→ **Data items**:
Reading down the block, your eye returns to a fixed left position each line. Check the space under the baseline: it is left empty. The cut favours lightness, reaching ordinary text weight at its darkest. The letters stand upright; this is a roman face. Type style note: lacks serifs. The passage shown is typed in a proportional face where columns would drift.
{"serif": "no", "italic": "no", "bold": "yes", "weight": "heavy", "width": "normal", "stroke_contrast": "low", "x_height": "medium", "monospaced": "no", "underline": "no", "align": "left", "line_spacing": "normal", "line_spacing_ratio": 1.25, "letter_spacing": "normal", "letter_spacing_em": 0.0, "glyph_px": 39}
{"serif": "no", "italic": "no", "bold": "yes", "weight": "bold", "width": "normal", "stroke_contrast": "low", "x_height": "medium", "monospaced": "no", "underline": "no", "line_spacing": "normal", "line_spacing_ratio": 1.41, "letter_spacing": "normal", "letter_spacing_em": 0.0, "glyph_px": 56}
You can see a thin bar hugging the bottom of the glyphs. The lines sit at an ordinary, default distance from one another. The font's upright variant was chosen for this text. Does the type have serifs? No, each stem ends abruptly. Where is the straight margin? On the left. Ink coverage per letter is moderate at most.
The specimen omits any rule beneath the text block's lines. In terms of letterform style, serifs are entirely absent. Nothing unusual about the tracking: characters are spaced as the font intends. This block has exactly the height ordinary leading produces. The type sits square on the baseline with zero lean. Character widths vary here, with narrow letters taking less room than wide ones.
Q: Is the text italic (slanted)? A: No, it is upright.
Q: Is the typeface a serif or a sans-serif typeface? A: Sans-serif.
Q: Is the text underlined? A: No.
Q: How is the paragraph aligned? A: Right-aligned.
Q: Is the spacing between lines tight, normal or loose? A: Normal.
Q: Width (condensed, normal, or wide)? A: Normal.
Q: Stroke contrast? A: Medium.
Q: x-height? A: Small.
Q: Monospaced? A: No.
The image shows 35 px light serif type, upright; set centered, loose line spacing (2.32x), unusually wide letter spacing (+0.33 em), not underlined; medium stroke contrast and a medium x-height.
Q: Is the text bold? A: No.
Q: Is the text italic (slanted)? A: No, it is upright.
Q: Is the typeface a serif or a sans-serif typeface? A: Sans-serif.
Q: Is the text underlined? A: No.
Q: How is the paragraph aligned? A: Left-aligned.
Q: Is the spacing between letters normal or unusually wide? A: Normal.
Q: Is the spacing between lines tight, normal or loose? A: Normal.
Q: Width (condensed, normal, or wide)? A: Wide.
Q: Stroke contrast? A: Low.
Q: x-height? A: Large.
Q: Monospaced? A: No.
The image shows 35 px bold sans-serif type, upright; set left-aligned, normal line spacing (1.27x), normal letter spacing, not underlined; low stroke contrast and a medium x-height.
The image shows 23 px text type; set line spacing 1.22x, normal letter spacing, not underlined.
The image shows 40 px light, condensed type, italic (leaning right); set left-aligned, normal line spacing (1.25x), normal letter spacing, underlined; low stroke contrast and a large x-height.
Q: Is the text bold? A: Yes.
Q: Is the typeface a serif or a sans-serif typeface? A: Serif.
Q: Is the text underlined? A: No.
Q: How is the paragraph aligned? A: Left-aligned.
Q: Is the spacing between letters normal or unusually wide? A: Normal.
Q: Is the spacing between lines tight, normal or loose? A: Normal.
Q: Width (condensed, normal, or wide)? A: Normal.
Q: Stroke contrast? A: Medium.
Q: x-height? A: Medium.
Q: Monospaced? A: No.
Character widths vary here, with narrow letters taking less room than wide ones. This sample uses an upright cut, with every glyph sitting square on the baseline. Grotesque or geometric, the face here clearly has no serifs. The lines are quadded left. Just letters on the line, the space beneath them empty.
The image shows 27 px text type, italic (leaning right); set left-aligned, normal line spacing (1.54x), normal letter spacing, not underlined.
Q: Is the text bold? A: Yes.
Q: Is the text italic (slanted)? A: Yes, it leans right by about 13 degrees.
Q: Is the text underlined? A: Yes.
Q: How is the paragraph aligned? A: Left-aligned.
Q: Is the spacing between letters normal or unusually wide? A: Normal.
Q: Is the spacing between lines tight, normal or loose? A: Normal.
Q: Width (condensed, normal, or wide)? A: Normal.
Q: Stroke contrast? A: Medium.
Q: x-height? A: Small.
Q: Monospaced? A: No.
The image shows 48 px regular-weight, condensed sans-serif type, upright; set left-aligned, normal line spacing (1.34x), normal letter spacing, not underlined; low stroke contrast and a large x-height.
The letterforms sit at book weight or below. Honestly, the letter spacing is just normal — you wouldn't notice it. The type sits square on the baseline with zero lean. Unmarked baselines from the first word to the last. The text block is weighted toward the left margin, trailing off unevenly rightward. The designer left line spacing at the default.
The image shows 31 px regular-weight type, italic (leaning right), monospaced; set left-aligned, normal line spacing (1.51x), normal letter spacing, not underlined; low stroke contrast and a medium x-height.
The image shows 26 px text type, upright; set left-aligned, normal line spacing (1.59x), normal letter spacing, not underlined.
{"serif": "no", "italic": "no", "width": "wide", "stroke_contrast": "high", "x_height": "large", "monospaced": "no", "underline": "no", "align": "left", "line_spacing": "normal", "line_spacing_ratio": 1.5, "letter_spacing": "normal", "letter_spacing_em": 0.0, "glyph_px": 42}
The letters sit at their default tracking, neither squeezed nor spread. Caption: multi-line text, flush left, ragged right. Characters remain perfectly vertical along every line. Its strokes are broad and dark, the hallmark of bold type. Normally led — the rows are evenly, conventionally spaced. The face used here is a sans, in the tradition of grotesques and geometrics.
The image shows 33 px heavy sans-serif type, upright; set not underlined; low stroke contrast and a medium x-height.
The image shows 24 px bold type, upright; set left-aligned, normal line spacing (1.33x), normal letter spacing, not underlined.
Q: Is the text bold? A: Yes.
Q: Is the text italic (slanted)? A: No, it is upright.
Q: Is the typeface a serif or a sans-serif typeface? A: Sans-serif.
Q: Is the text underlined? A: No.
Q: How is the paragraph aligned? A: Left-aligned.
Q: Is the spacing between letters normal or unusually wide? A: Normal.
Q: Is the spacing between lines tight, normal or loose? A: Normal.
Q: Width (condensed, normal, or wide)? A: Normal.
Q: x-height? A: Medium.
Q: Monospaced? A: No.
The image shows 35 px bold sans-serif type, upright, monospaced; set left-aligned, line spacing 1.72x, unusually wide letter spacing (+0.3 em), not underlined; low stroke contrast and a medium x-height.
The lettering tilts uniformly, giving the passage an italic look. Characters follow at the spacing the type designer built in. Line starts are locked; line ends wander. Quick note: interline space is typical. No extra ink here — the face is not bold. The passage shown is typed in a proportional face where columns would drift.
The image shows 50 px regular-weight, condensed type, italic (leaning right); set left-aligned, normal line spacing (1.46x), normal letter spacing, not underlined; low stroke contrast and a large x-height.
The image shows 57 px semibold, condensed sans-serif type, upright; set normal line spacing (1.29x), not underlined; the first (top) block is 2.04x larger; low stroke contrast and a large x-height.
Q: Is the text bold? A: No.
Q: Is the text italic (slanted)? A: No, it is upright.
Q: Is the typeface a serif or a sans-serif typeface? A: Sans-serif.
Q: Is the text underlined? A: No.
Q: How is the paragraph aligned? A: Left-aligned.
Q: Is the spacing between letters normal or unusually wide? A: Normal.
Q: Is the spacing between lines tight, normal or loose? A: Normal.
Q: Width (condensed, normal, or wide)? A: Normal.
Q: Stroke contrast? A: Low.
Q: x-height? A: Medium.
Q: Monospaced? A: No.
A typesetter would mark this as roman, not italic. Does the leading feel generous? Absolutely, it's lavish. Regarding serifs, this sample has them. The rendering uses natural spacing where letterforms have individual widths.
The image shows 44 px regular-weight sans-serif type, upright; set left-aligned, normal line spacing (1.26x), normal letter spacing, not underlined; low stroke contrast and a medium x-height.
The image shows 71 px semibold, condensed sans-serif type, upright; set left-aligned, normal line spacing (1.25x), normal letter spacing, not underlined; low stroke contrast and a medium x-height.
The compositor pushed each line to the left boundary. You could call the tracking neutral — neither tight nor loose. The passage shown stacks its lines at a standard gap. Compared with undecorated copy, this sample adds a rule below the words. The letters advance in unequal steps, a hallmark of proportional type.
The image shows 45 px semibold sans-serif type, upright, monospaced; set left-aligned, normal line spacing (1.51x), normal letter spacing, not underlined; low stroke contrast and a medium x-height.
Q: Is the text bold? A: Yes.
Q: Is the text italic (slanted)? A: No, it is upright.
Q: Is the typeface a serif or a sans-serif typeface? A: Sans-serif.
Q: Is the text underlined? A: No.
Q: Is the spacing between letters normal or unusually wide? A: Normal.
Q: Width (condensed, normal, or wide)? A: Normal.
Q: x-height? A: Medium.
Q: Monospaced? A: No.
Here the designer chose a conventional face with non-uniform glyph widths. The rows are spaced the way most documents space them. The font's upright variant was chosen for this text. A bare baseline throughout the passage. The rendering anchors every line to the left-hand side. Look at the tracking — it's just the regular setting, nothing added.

→ **Exercise requirements**: Look through the data above. Copy every line with the string "rule" in it.

→ **Exercise output**:
The specimen omits any rule beneath the text block's lines. In terms of letterform style, serifs are entirely absent. Nothing unusual about the tracking: characters are spaced as the font intends. This block has exactly the height ordinary leading produces. The type sits square on the baseline with zero lean. Character widths vary here, with narrow letters taking less room than wide ones.
The compositor pushed each line to the left boundary. You could call the tracking neutral — neither tight nor loose. The passage shown stacks its lines at a standard gap. Compared with undecorated copy, this sample adds a rule below the words. The letters advance in unequal steps, a hallmark of proportional type.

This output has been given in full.